- Church: Roman Catholic Church
- Archdiocese: Corrientes
- See: Corrientes
- Appointed: 27 September 2007
- Installed: 15 December 2007
- Predecessor: Domingo Salvador Castagna
- Previous post(s): Bishop of Reconquista (2001-07) Secretary General of the Latin American Episcopal Council (2004-07) Second Vice-President of the Latin American Episcopal Council (2007-11) Apostolic Administrator of Orán (2017-18)

Orders
- Ordination: 2 September 1978
- Consecration: 16 December 2001 by Jorge Mario Bergoglio

Personal details
- Born: Andrés Stanovnik 15 December 1949 (age 75) Buenos Aires, Argentina
- Alma mater: Universidad del Salvador
- Motto: Hagan lo que él les diga
- Coat of arms: Andrés Stanovnik's coat of arms

= Andrés Stanovnik =

Andrés Stanovnik OFMCap (December 15, 1949) is a prelate of the Roman Catholic Church. He served as bishop of Reconquista from 2001 until 2007, when he became archbishop of Corrientes.

== Life ==
Born in Buenos Aires, Stanovnik became a member of the Order of Friars Minor Capuchin on July 16, 1978. He was ordained to the priesthood on September 2, 1978.

On October 30, 2001, he was appointed bishop of Reconquista.
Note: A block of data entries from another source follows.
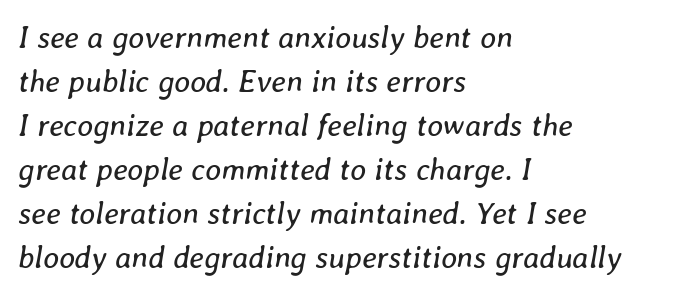
The image shows 31 px regular-weight type, italic (leaning right); set left-aligned, normal line spacing (1.42x), normal letter spacing, not underlined; low stroke contrast and a medium x-height.
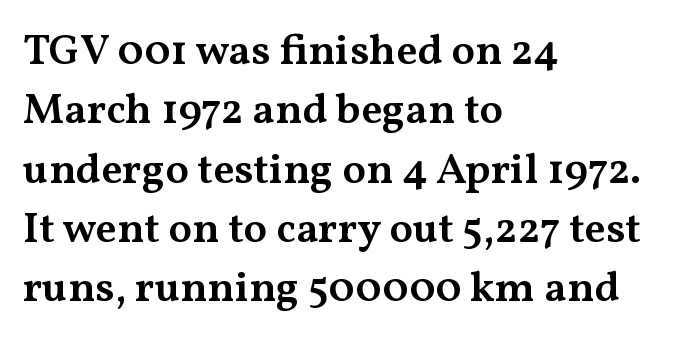
The setting favours the left margin, as ordinary paragraphs usually do. Are there feet on the stems? There are — it's a serif. Every stem runs plumb, perpendicular to the baseline. A bare baseline throughout the passage. This block has exactly the height ordinary leading produces.
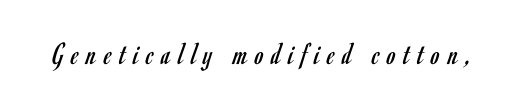
Q: Is the text bold? A: No.
Q: Is the text italic (slanted)? A: Yes.
Q: Is the typeface a serif or a sans-serif typeface? A: Sans-serif.
Q: Is the text underlined? A: No.
Q: Is the spacing between letters normal or unusually wide? A: Unusually wide.
Q: Width (condensed, normal, or wide)? A: Condensed.
Q: Stroke contrast? A: Low.
Q: x-height? A: Small.
Q: Monospaced? A: No.
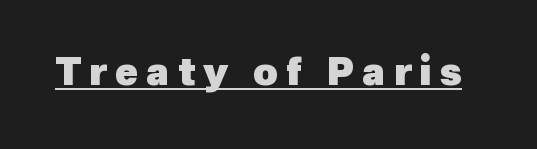
Q: Is the text bold? A: Yes.
Q: Is the typeface a serif or a sans-serif typeface? A: Sans-serif.
Q: Is the text underlined? A: Yes.
Q: Is the spacing between letters normal or unusually wide? A: Unusually wide.
Q: Width (condensed, normal, or wide)? A: Normal.
Q: x-height? A: Medium.
Q: Monospaced? A: No.
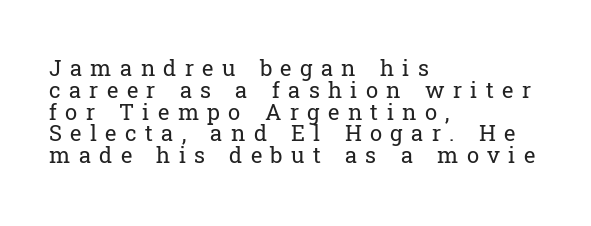
{"italic": "no", "bold": "no", "underline": "no", "align": "left", "line_spacing": "tight", "line_spacing_ratio": 0.99, "letter_spacing": "wide", "letter_spacing_em": 0.38, "glyph_px": 22}

Stanovnik received his episcopal consecration on the following December 16 from Jorge Mario Bergoglio, archbishop of Buenos Aires, the future Pope Francis, with bishop of Posadas, Juan Rubén Martinez, bishop emeritus of San Luis, Juan Rodolfo Laise, nuncio for Argentina, archbishop Santos Abril y Castelló, and bishop of Venado Tuerto, Gustavo Arturo Help, serving as co-consecrators.

On September 27, 2007, he was appointed archbishop of Corrientes.